Setup	No. of Languages	No. of Models	Round 10	Round 100	Average Gradient
Setting 1	3	2	0.063	0.04	-0.036 ± 0.02
Setting 2	3	3	0.075	0.04	-0.034 ± 0.02
Setting 3	5	2	0.054	0.04	-0.038 ± 0.02

Temperature Ablation (EN↔FR, Llama)¶

Temperature	Stability after First 2 Rounds	FActScore Trend after 100 Rounds
1e-6	Almost stable	Slight decline, then flattens
0.25	Slow decline	Continuous slow decline
0.50	Noticeable decline	Moderate decline
1.00	Steepest decline	Continuous severe divergence

Key Findings¶

Language similarity determines distortion rate: Latin-script languages (FR/DE/NL) have gradients close to 0, whereas non-Latin-script languages (TH/ZH/VN) display 3x to 10x steeper gradients.
Thai is the "worst telephone": EN↔TH exhibits the fastest distortion across all datasets and models, with Mistral reaching a gradient of -0.040 on BookSum.
More languages > More models: Setting 3 (5 languages, 2 models) degrades faster than Setting 2 (3 languages, 3 models), indicating that language diversity amplifies distortion more than model diversity.
Paraphrasing also distorts: Same-language paraphrasing chains without translation also exhibit information degradation, though at a slower rate than translation chains.
Low temperature + constrained prompts provide effective mitigation: Setting the temperature to 1e-6 almost halts distortion, and constrained prompts significantly slow down degradation compared to simple prompts.

Highlights & Insights¶

The "Telephone Game" metaphor is highly intuitive and holds practical importance: The illustrative transition from a truck to a bus and finally to a car (shown in Table 1 of the paper) clearly illustrates the distortion process.

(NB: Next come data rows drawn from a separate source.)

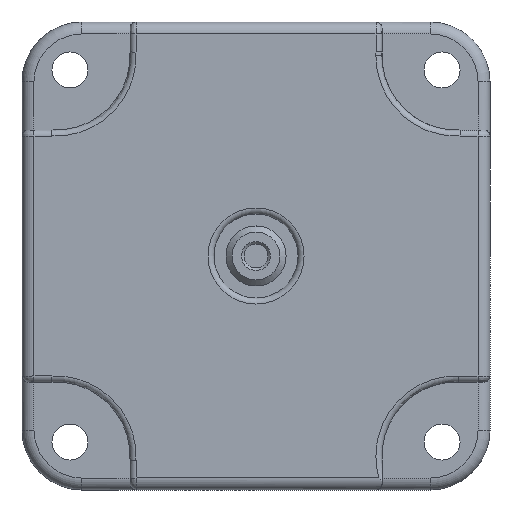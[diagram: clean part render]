
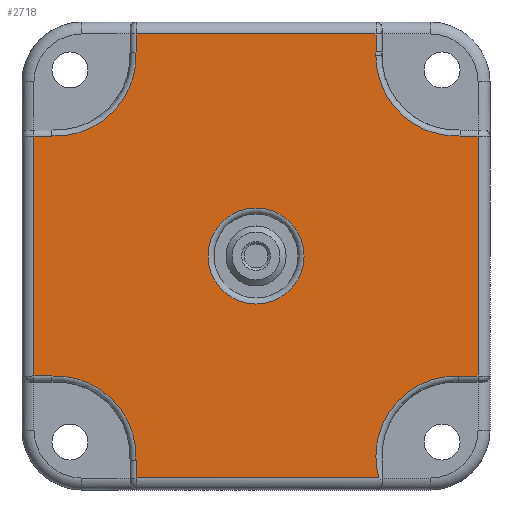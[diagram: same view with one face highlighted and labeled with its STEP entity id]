
A CAD part, left-side view. The second image highlights one B-rep face of the part: STEP entity #2718.
In plain terms, the highlighted planar face has unit normal (-1, 0, 0).
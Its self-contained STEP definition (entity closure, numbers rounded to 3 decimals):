
#21=FACE_BOUND('',#808,.T.);
#37=PLANE('',#2932);
#132=LINE('',#4143,#364);
#133=LINE('',#4145,#365);
#134=LINE('',#4147,#366);
#135=LINE('',#4151,#367);
#136=LINE('',#4152,#368);
#137=LINE('',#4154,#369);
#138=LINE('',#4156,#370);
#139=LINE('',#4158,#371);
#140=LINE('',#4161,#372);
#141=LINE('',#4163,#373);
#142=LINE('',#4165,#374);
#364=VECTOR('',#3308,1000.);
#365=VECTOR('',#3309,1000.);
#366=VECTOR('',#3310,1000.);
#367=VECTOR('',#3313,1000.);
#368=VECTOR('',#3314,1000.);
#369=VECTOR('',#3315,1000.);
#370=VECTOR('',#3316,1000.);
#371=VECTOR('',#3317,1000.);
#372=VECTOR('',#3320,1000.);
#373=VECTOR('',#3321,1000.);
#374=VECTOR('',#3322,1000.);
#655=FACE_OUTER_BOUND('',#807,.T.);
#807=EDGE_LOOP('',(#1857,#1858,#1859,#1860,#1861,#1862,#1863,#1864,#1865,
#1866,#1867,#1868,#1869,#1870,#1871,#1872,#1873));
#808=EDGE_LOOP('',(#1874));
#976=CIRCLE('',#2863,6.702);
#978=CIRCLE('',#2866,6.721);
#981=CIRCLE('',#2870,4.);
#1106=ELLIPSE('',#2862,6.7,6.7);
#1107=ELLIPSE('',#2933,6.7,6.7);
#1108=ELLIPSE('',#2934,6.7,6.7);
#1109=ELLIPSE('',#2935,6.7,6.7);
#1110=VERTEX_POINT('',#3934);
#1111=VERTEX_POINT('',#3935);
#1112=VERTEX_POINT('',#3937);
#1116=VERTEX_POINT('',#3986);
#1117=VERTEX_POINT('',#3987);
#1120=VERTEX_POINT('',#4013);
#1163=VERTEX_POINT('',#4141);
#1164=VERTEX_POINT('',#4142);
#1165=VERTEX_POINT('',#4144);
#1166=VERTEX_POINT('',#4146);
#1167=VERTEX_POINT('',#4148);
#1168=VERTEX_POINT('',#4150);
#1169=VERTEX_POINT('',#4153);
#1170=VERTEX_POINT('',#4155);
#1171=VERTEX_POINT('',#4157);
#1172=VERTEX_POINT('',#4160);
#1173=VERTEX_POINT('',#4162);
#1174=VERTEX_POINT('',#4164);
#1358=EDGE_CURVE('',#1110,#1111,#1106,.T.);
#1359=EDGE_CURVE('',#1111,#1112,#976,.T.);
#1364=EDGE_CURVE('',#1116,#1117,#978,.T.);
#1368=EDGE_CURVE('',#1120,#1120,#981,.T.);
#1432=EDGE_CURVE('',#1163,#1164,#132,.T.);
#1433=EDGE_CURVE('',#1165,#1163,#133,.T.);
#1434=EDGE_CURVE('',#1166,#1165,#134,.T.);
#1435=EDGE_CURVE('',#1167,#1166,#1107,.T.);
#1436=EDGE_CURVE('',#1168,#1167,#135,.T.);
#1437=EDGE_CURVE('',#1112,#1168,#136,.T.);
#1438=EDGE_CURVE('',#1169,#1110,#137,.T.);
#1439=EDGE_CURVE('',#1170,#1169,#138,.T.);
#1440=EDGE_CURVE('',#1171,#1170,#139,.T.);
#1441=EDGE_CURVE('',#1117,#1171,#1108,.T.);
#1442=EDGE_CURVE('',#1172,#1116,#140,.T.);
#1443=EDGE_CURVE('',#1173,#1172,#141,.T.);
#1444=EDGE_CURVE('',#1174,#1173,#142,.T.);
#1445=EDGE_CURVE('',#1164,#1174,#1109,.T.);
#1857=ORIENTED_EDGE('',*,*,#1432,.F.);
#1858=ORIENTED_EDGE('',*,*,#1433,.F.);
#1859=ORIENTED_EDGE('',*,*,#1434,.F.);
#1860=ORIENTED_EDGE('',*,*,#1435,.F.);
#1861=ORIENTED_EDGE('',*,*,#1436,.F.);
#1862=ORIENTED_EDGE('',*,*,#1437,.F.);
#1863=ORIENTED_EDGE('',*,*,#1359,.F.);
#1864=ORIENTED_EDGE('',*,*,#1358,.F.);
#1865=ORIENTED_EDGE('',*,*,#1438,.F.);
#1866=ORIENTED_EDGE('',*,*,#1439,.F.);
#1867=ORIENTED_EDGE('',*,*,#1440,.F.);
#1868=ORIENTED_EDGE('',*,*,#1441,.F.);
#1869=ORIENTED_EDGE('',*,*,#1364,.F.);
#1870=ORIENTED_EDGE('',*,*,#1442,.F.);
#1871=ORIENTED_EDGE('',*,*,#1443,.F.);
#1872=ORIENTED_EDGE('',*,*,#1444,.F.);
#1873=ORIENTED_EDGE('',*,*,#1445,.F.);
#1874=ORIENTED_EDGE('',*,*,#1368,.F.);
#2718=ADVANCED_FACE('',(#655,#21),#37,.F.);
#2862=AXIS2_PLACEMENT_3D('',#3936,#3144,#3145);
#2863=AXIS2_PLACEMENT_3D('',#3938,#3146,#3147);
#2866=AXIS2_PLACEMENT_3D('',#3988,#3152,#3153);
#2870=AXIS2_PLACEMENT_3D('',#4014,#3160,#3161);
#2932=AXIS2_PLACEMENT_3D('',#4140,#3306,#3307);
#2933=AXIS2_PLACEMENT_3D('',#4149,#3311,#3312);
#2934=AXIS2_PLACEMENT_3D('',#4159,#3318,#3319);
#2935=AXIS2_PLACEMENT_3D('',#4166,#3323,#3324);
#3144=DIRECTION('center_axis',(-1.,0.,0.));
#3145=DIRECTION('ref_axis',(0.,-0.482,-0.876));
#3146=DIRECTION('center_axis',(-1.,0.,0.));
#3147=DIRECTION('ref_axis',(0.,0.963,-0.269));
#3152=DIRECTION('center_axis',(-1.,0.,0.));
#3153=DIRECTION('ref_axis',(0.,1.,0.));
#3160=DIRECTION('center_axis',(-1.,0.,0.));
#3161=DIRECTION('ref_axis',(0.,-1.,0.));
#3306=DIRECTION('center_axis',(1.,0.,0.));
#3307=DIRECTION('ref_axis',(0.,1.,0.));
#3308=DIRECTION('',(0.,-1.,0.));
#3309=DIRECTION('',(0.,0.,1.));
#3310=DIRECTION('',(0.,1.,0.));
#3311=DIRECTION('center_axis',(-1.,0.,0.));
#3312=DIRECTION('ref_axis',(0.,-0.001,
1.));
#3313=DIRECTION('',(0.,0.,1.));
#3314=DIRECTION('',(0.,1.,0.));
#3315=DIRECTION('',(0.,1.,0.));
#3316=DIRECTION('',(0.,0.,-1.));
#3317=DIRECTION('',(0.,-1.,0.));
#3318=DIRECTION('center_axis',(-1.,0.,
0.));
#3319=DIRECTION('ref_axis',(0.,0.246,-0.969));
#3320=DIRECTION('',(0.,0.,-1.));
#3321=DIRECTION('',(0.,-1.,0.));
#3322=DIRECTION('',(0.,0.,1.));
#3323=DIRECTION('center_axis',(-1.,0.,0.));
#3324=DIRECTION('ref_axis',(0.,-1.,-0.001));
#3934=CARTESIAN_POINT('',(-16.5,-16.89,-10.));
#3935=CARTESIAN_POINT('',(-16.5,-9.993,-16.697));
#3936=CARTESIAN_POINT('Origin',(-16.5,-16.693,-16.697));
#3937=CARTESIAN_POINT('',(-16.5,-10.24,-18.5));
#3938=CARTESIAN_POINT('Origin',(-16.5,-16.694,-16.697));
#3986=CARTESIAN_POINT('',(-16.5,-10.,17.012));
#3987=CARTESIAN_POINT('',(-16.5,-9.992,16.692));
#3988=CARTESIAN_POINT('Origin',(-16.5,-16.713,16.692));
#4013=CARTESIAN_POINT('',(-16.5,0.,4.));
#4014=CARTESIAN_POINT('Origin',(-16.5,0.,0.));
#4140=CARTESIAN_POINT('Origin',(-16.5,-19.5,-19.5));
#4141=CARTESIAN_POINT('',(-16.5,18.5,10.));
#4142=CARTESIAN_POINT('',(-16.5,17.012,10.));
#4143=CARTESIAN_POINT('',(-16.5,-19.5,10.));
#4144=CARTESIAN_POINT('',(-16.5,18.5,-10.));
#4145=CARTESIAN_POINT('',(-16.5,18.5,-19.5));
#4146=CARTESIAN_POINT('',(-16.5,17.,-10.));
#4147=CARTESIAN_POINT('',(-16.5,-19.5,-10.));
#4148=CARTESIAN_POINT('',(-16.5,10.,-17.012));
#4149=CARTESIAN_POINT('Origin',(-16.5,16.692,-16.693));
#4150=CARTESIAN_POINT('',(-16.5,10.,-18.5));
#4151=CARTESIAN_POINT('',(-16.5,10.,-19.5));
#4152=CARTESIAN_POINT('',(-16.5,-19.5,-18.5));
#4153=CARTESIAN_POINT('',(-16.5,-18.5,-10.));
#4154=CARTESIAN_POINT('',(-16.5,-19.5,-10.));
#4155=CARTESIAN_POINT('',(-16.5,-18.5,10.));
#4156=CARTESIAN_POINT('',(-16.5,-18.5,-19.5));
#4157=CARTESIAN_POINT('',(-16.5,-17.,10.));
#4158=CARTESIAN_POINT('',(-16.5,-19.5,10.));
#4159=CARTESIAN_POINT('Origin',(-16.5,-16.692,16.693));
#4160=CARTESIAN_POINT('',(-16.5,-10.,18.5));
#4161=CARTESIAN_POINT('',(-16.5,-10.,-19.5));
#4162=CARTESIAN_POINT('',(-16.5,10.,18.5));
#4163=CARTESIAN_POINT('',(-16.5,-19.5,18.5));
#4164=CARTESIAN_POINT('',(-16.5,10.,17.));
#4165=CARTESIAN_POINT('',(-16.5,10.,-19.5));
#4166=CARTESIAN_POINT('Origin',(-16.5,16.693,16.692));

This serves as a warning for any AI workflow utilizing iterative LLM pipelines (e.g., summarization \(\rightarrow\) translation \(\rightarrow\) summarization).
Direct implications for multi-agent systems: In chains where the output of Agent A is processed by Agent B and then passed to Agent C, each step accumulates distortion. Consequently, multi-agent frameworks must incorporate built-in fact-checking steps.
Factuality degradation poses a greater risk than surface-level lexical drift: A decline in BLEU might simply reflect the use of synonyms, but a decrease in FActScore signifies real factual distortion, posing a severe risk in news, medical, and legal domains.

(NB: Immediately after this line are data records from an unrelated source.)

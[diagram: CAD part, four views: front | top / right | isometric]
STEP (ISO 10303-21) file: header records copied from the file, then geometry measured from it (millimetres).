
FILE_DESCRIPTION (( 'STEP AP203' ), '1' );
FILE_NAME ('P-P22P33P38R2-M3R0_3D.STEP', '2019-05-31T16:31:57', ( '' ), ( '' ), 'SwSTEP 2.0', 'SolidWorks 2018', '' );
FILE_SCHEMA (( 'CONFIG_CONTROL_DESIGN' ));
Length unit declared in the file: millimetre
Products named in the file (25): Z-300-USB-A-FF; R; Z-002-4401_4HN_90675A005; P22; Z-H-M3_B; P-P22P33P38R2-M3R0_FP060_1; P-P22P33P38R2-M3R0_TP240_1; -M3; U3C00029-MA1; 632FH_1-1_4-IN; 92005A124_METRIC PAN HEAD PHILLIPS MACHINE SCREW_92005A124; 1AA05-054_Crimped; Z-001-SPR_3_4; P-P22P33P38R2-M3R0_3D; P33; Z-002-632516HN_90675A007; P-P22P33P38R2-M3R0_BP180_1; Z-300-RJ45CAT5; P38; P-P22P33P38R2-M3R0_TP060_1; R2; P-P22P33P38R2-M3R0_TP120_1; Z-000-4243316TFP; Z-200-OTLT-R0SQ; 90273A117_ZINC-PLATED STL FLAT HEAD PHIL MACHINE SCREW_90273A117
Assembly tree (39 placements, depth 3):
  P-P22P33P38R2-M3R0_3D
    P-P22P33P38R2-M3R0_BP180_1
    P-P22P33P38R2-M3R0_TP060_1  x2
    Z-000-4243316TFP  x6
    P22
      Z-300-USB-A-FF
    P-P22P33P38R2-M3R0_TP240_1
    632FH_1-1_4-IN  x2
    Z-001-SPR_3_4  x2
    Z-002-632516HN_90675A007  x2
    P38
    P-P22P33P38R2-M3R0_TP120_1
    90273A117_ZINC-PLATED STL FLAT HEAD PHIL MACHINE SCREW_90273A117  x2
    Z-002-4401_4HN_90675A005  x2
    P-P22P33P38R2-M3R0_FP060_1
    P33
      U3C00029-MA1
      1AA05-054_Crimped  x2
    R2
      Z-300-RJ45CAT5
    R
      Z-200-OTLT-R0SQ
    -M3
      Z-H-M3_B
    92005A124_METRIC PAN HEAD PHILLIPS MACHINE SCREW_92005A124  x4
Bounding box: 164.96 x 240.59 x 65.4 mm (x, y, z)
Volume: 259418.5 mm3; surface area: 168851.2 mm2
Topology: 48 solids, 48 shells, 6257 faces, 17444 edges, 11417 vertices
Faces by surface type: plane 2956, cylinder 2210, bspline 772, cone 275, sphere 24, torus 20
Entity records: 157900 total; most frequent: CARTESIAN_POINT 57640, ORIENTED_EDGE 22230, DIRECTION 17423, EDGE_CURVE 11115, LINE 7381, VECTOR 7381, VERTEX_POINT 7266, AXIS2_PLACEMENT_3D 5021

Limitations & Future Work¶

Reliance on 7-9B models: It remains to be explored whether larger models (70B+) or GPT-4 class models are more resilient to such distortion.
Limited dataset domains: The three domains evaluated (books, scripts, news) share similar stylistic characteristics. Distortion in highly specialized domains (e.g., medicine, law) may be more pronounced.
Focus on default decoding: The impact of alternative decoding strategies, such as greedy decoding versus beam search, remains unexamined.
Evaluator bias in FActScore: Using Claude 3.5 Sonnet as the judge may introduce systematic evaluation biases.

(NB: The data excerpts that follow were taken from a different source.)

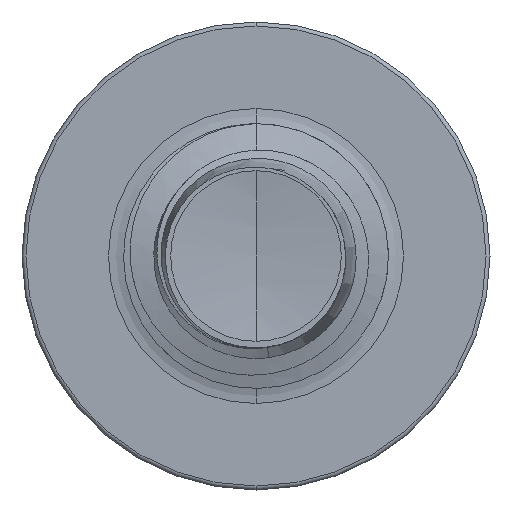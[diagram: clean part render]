
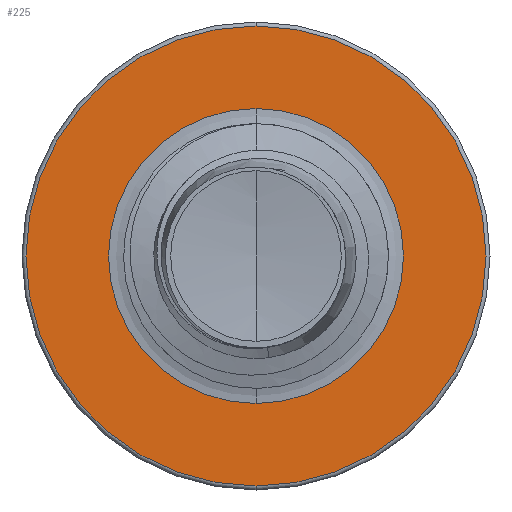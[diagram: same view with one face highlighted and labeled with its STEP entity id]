
A CAD part, front view. The second image highlights one B-rep face of the part: STEP entity #225.
In plain terms, the highlighted planar face has unit normal (0, -1, 0).
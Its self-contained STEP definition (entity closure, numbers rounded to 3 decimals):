
#225 = ADVANCED_FACE ( 'NONE', ( #6127, #6321 ), #9317, .F. ) ;
#929 = EDGE_CURVE ( 'NONE', #3251, #3901, #5929, .T. ) ;
#946 = EDGE_CURVE ( 'NONE', #3412, #3566, #8788, .T. ) ;
#1683 = CIRCLE ( 'NONE', #8906, 2.605 ) ;
#1877 = AXIS2_PLACEMENT_3D ( 'NONE', #5684, #9924, #6335 ) ;
#2388 = EDGE_LOOP ( 'NONE', ( #3585, #5755 ) ) ;
#2874 = CARTESIAN_POINT ( 'NONE',  ( 0., 2.5, 0. ) ) ;
#3218 = CIRCLE ( 'NONE', #1877, 1.67 ) ;
#3251 = VERTEX_POINT ( 'NONE', #5356 ) ;
#3344 = AXIS2_PLACEMENT_3D ( 'NONE', #3884, #3872, #3846 ) ;
#3412 = VERTEX_POINT ( 'NONE', #6123 ) ;
#3566 = VERTEX_POINT ( 'NONE', #7928 ) ;
#3585 = ORIENTED_EDGE ( 'NONE', *, *, #7526, .F. ) ;
#3790 = DIRECTION ( 'NONE',  ( 0., 0., 1. ) ) ;
#3846 = DIRECTION ( 'NONE',  ( 0., 0., 1. ) ) ;
#3872 = DIRECTION ( 'NONE',  ( 0., 1., 0. ) ) ;
#3884 = CARTESIAN_POINT ( 'NONE',  ( 0., 2.5, 0. ) ) ;
#3901 = VERTEX_POINT ( 'NONE', #5454 ) ;
#3998 = DIRECTION ( 'NONE',  ( 0., 0., 1. ) ) ;
#4011 = AXIS2_PLACEMENT_3D ( 'NONE', #4025, #4018, #3998 ) ;
#4018 = DIRECTION ( 'NONE',  ( 0., 1., 0. ) ) ;
#4025 = CARTESIAN_POINT ( 'NONE',  ( 0., 2.5, 0. ) ) ;
#5356 = CARTESIAN_POINT ( 'NONE',  ( 0., 2.5, 1.67 ) ) ;
#5454 = CARTESIAN_POINT ( 'NONE',  ( 0., 2.5, -1.67 ) ) ;
#5684 = CARTESIAN_POINT ( 'NONE',  ( 0., 2.5, 0. ) ) ;
#5755 = ORIENTED_EDGE ( 'NONE', *, *, #946, .F. ) ;
#5929 = CIRCLE ( 'NONE', #4011, 1.67 ) ;
#6123 = CARTESIAN_POINT ( 'NONE',  ( 0., 2.5, -2.605 ) ) ;
#6127 = FACE_OUTER_BOUND ( 'NONE', #2388, .T. ) ;
#6321 = FACE_BOUND ( 'NONE', #8659, .T. ) ;
#6335 = DIRECTION ( 'NONE',  ( 0., 0., 1. ) ) ;
#6844 = AXIS2_PLACEMENT_3D ( 'NONE', #9309, #9300, #9290 ) ;
#7366 = ORIENTED_EDGE ( 'NONE', *, *, #929, .T. ) ;
#7526 = EDGE_CURVE ( 'NONE', #3566, #3412, #1683, .T. ) ;
#7894 = DIRECTION ( 'NONE',  ( 0., 1., 0. ) ) ;
#7928 = CARTESIAN_POINT ( 'NONE',  ( 0., 2.5, 2.605 ) ) ;
#8081 = EDGE_CURVE ( 'NONE', #3901, #3251, #3218, .T. ) ;
#8659 = EDGE_LOOP ( 'NONE', ( #7366, #8817 ) ) ;
#8788 = CIRCLE ( 'NONE', #3344, 2.605 ) ;
#8817 = ORIENTED_EDGE ( 'NONE', *, *, #8081, .T. ) ;
#8906 = AXIS2_PLACEMENT_3D ( 'NONE', #2874, #7894, #3790 ) ;
#9290 = DIRECTION ( 'NONE',  ( 0., 0., 1. ) ) ;
#9300 = DIRECTION ( 'NONE',  ( 0., 1., 0. ) ) ;
#9309 = CARTESIAN_POINT ( 'NONE',  ( 0., 2.5, -1.67 ) ) ;
#9317 = PLANE ( 'NONE',  #6844 ) ;
#9924 = DIRECTION ( 'NONE',  ( 0., 1., 0. ) ) ;

vs. Shumailov et al. (2023) Model Collapse: Model collapse investigates the training loop, whereas this paper targets the inference loop. Together, they provide a complete picture of the risks present in AI-generated content cycles.
vs. Perez et al. (2024): While Perez et al. examined the evolution of toxicity and positivity in paraphrased chains, this study introduces translation scenarios, multi-model chains, and formal factuality quantification, offering a more extensive perspective.
vs. Peterson (2024) Knowledge Collapse: Knowledge collapse is a broad, macro-level concept, whereas this study offers micro-level, quantifiable evidence of information degradation using concrete translation chains.